(Data entries)

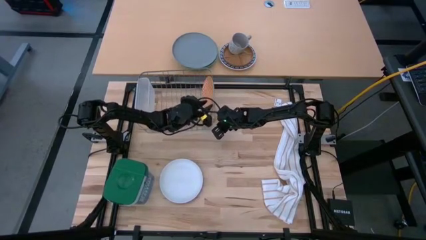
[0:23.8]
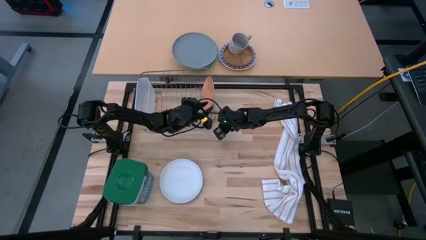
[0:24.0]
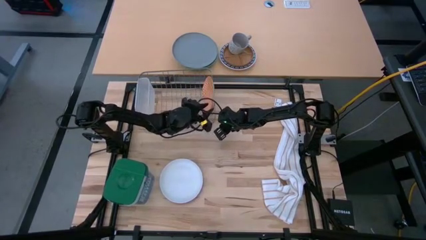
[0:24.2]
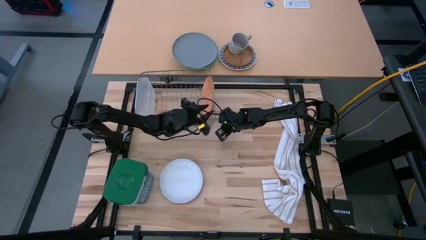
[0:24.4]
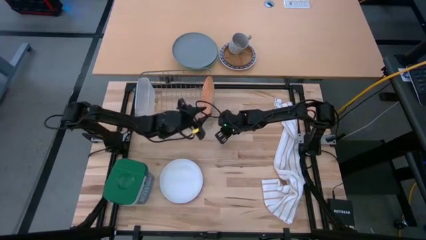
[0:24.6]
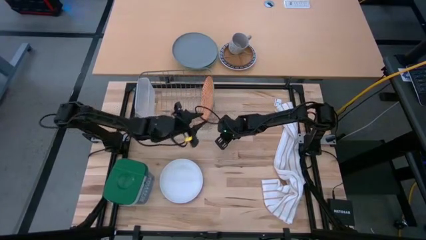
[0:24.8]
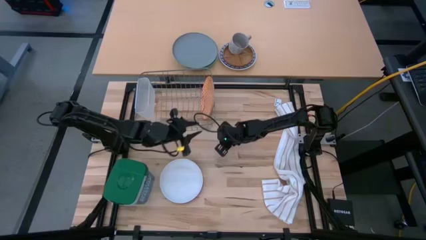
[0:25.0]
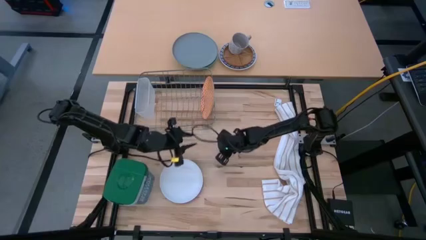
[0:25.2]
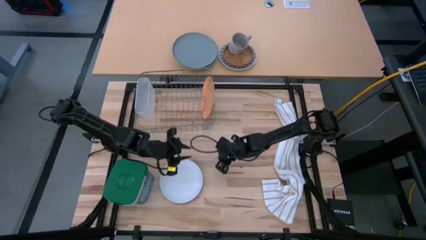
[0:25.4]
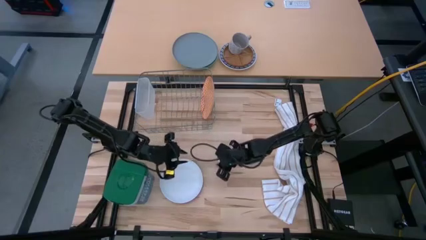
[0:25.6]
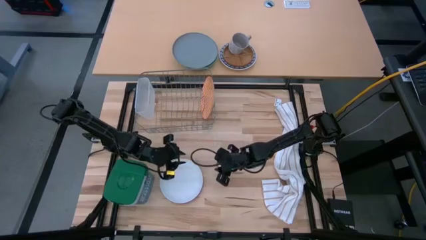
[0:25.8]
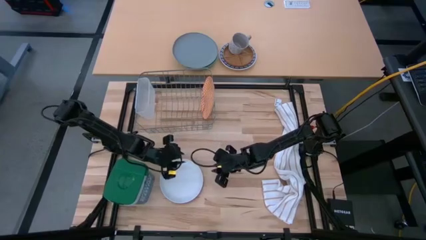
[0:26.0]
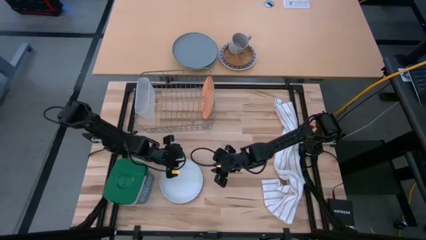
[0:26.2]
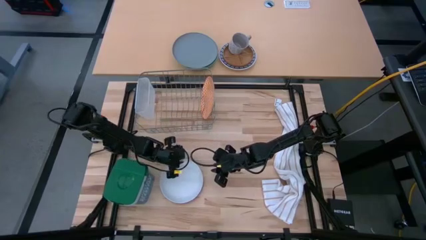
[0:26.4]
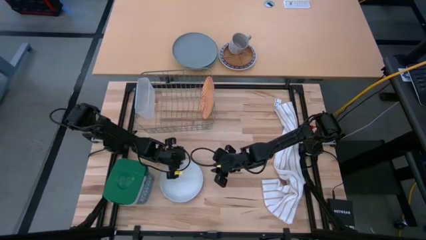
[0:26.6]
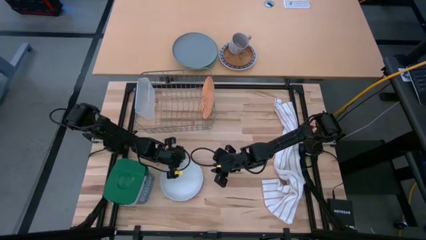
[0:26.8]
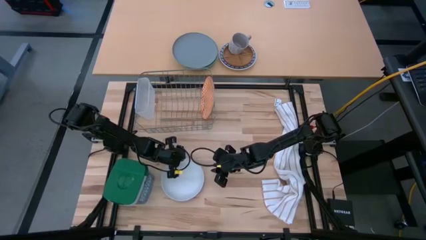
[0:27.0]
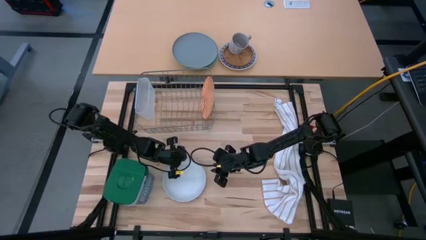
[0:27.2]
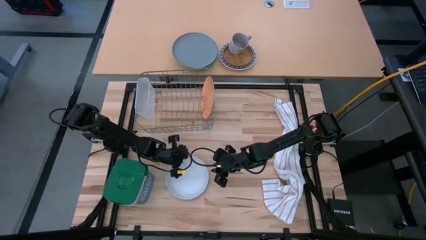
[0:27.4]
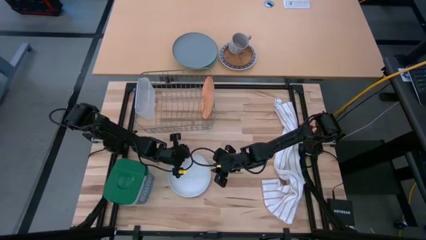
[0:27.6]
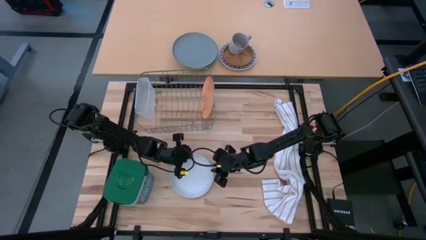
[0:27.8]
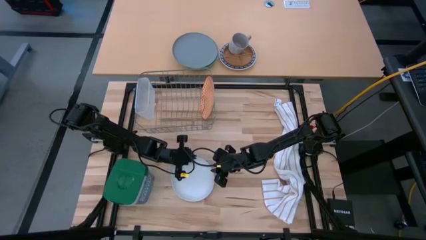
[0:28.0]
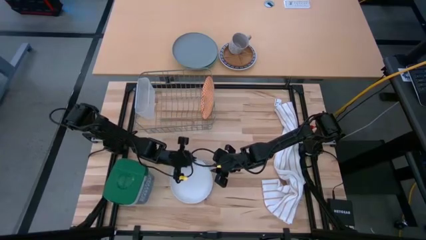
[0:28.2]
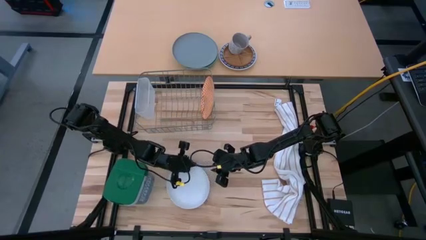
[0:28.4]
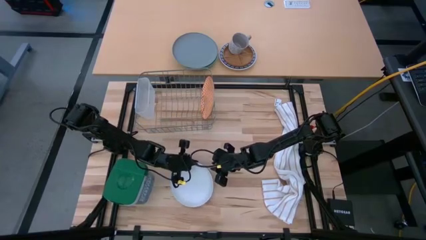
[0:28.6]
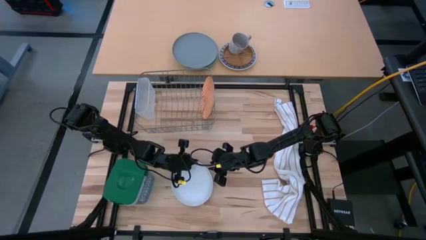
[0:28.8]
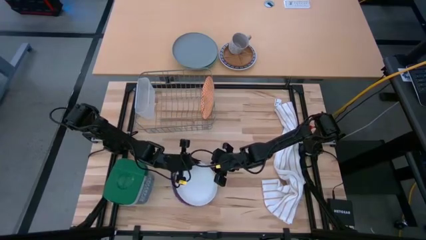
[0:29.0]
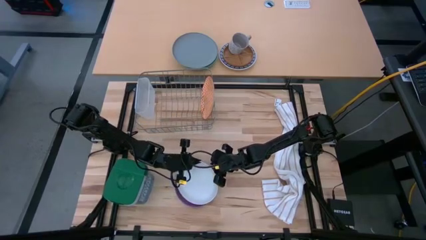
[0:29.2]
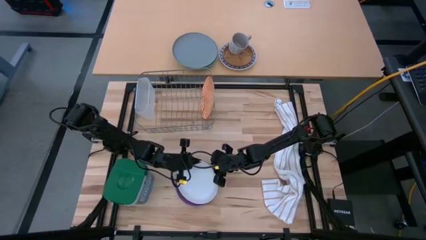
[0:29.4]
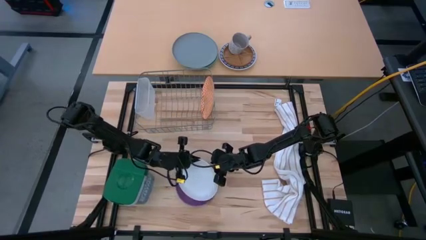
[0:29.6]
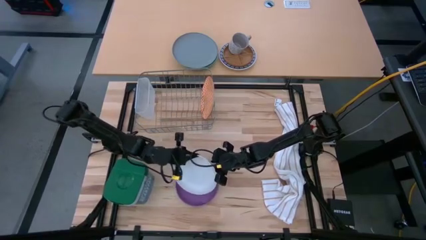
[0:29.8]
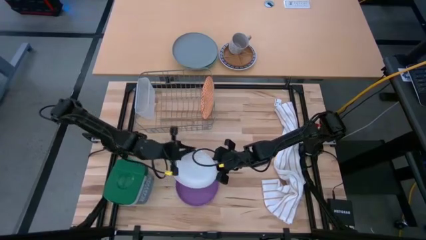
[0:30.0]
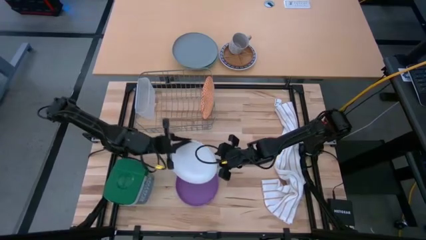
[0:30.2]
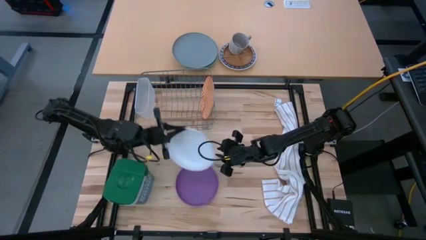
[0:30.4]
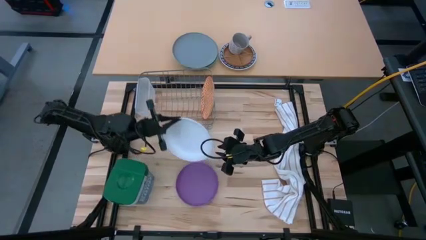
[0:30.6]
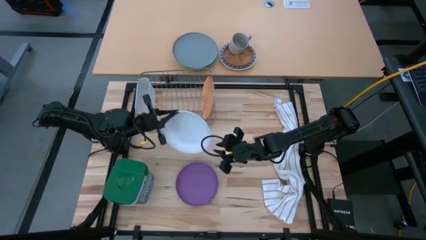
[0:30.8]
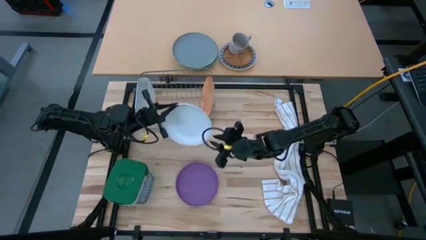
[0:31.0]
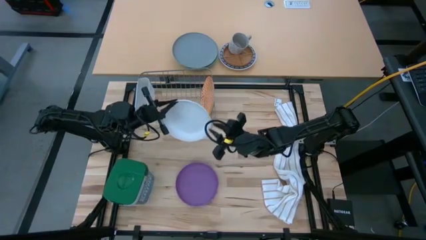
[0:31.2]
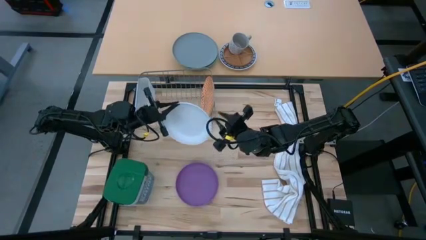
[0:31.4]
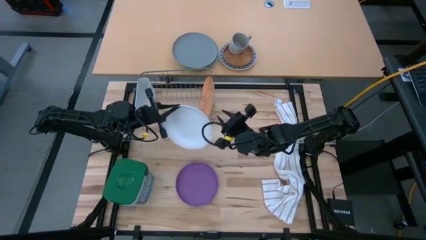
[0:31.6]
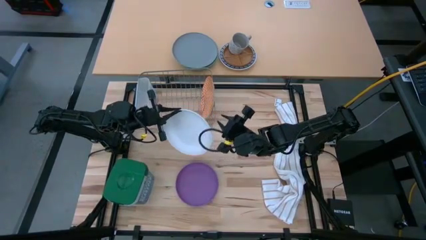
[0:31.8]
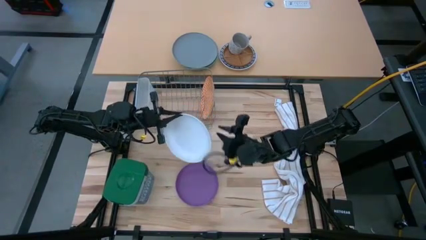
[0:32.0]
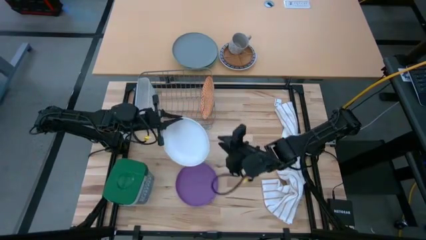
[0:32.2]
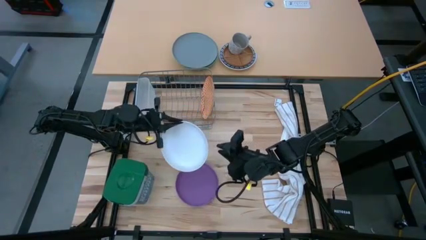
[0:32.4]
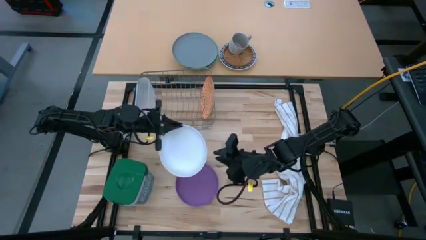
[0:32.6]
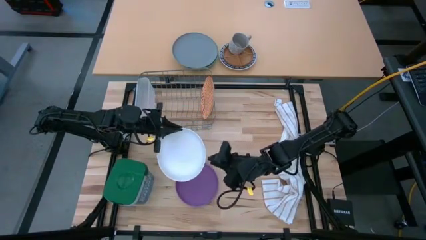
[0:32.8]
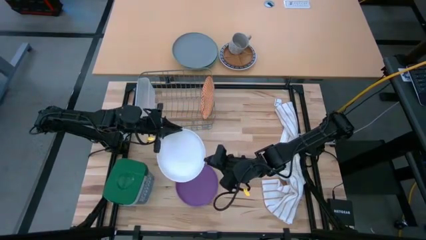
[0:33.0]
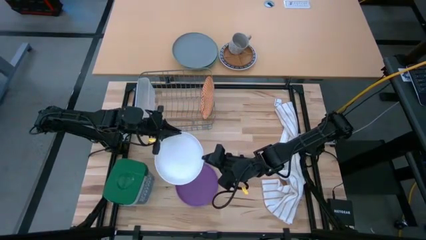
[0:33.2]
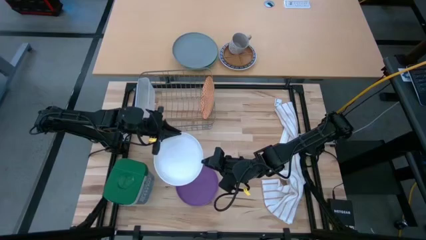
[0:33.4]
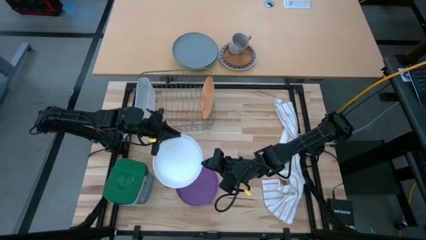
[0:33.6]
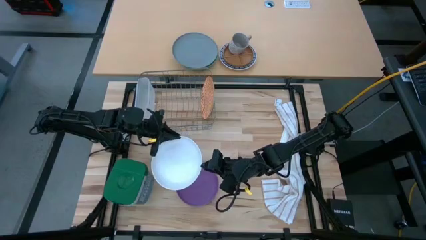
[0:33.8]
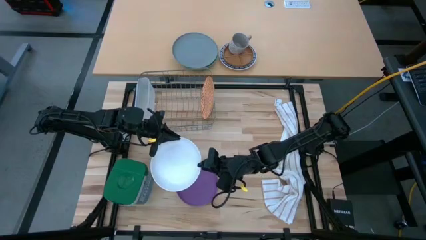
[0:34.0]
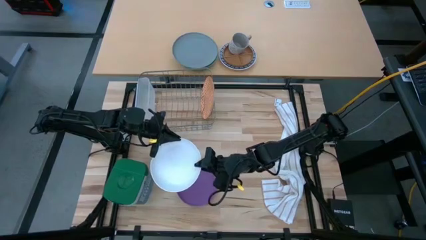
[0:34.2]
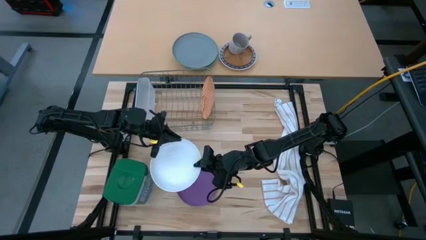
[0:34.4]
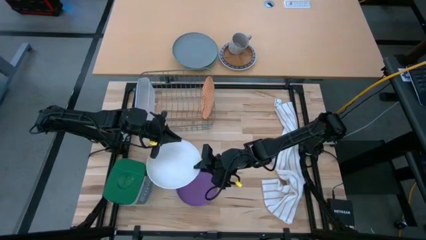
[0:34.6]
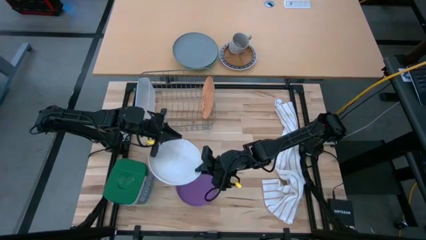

(REQUIREMENT)
Transcribe every record above in full. Pictures stay out of the copy.

(RESPONSE AREA)
[0:23.8]
[0:24.0]
[0:24.2]
[0:24.4]
[0:24.6]
[0:24.8]
[0:25.0]
[0:25.2]
[0:25.4]
[0:25.6]
[0:25.8]
[0:26.0]
[0:26.2]
[0:26.4]
[0:26.6]
[0:26.8]
[0:27.0]
[0:27.2]
[0:27.4]
[0:27.6]
[0:27.8]
[0:28.0]
[0:28.2]
[0:28.4]
[0:28.6]
[0:28.8]
[0:29.0]
[0:29.2]
[0:29.4]
[0:29.6]
[0:29.8]
[0:30.0]
[0:30.2]
[0:30.4]
[0:30.6]
[0:30.8]
[0:31.0]
[0:31.2]
[0:31.4]
[0:31.6]
[0:31.8]
[0:32.0]
[0:32.2]
[0:32.4]
[0:32.6]
[0:32.8]
[0:33.0]
[0:33.2]
[0:33.4]
[0:33.6]
[0:33.8]
[0:34.0]
[0:34.2]
[0:34.4]
[0:34.6]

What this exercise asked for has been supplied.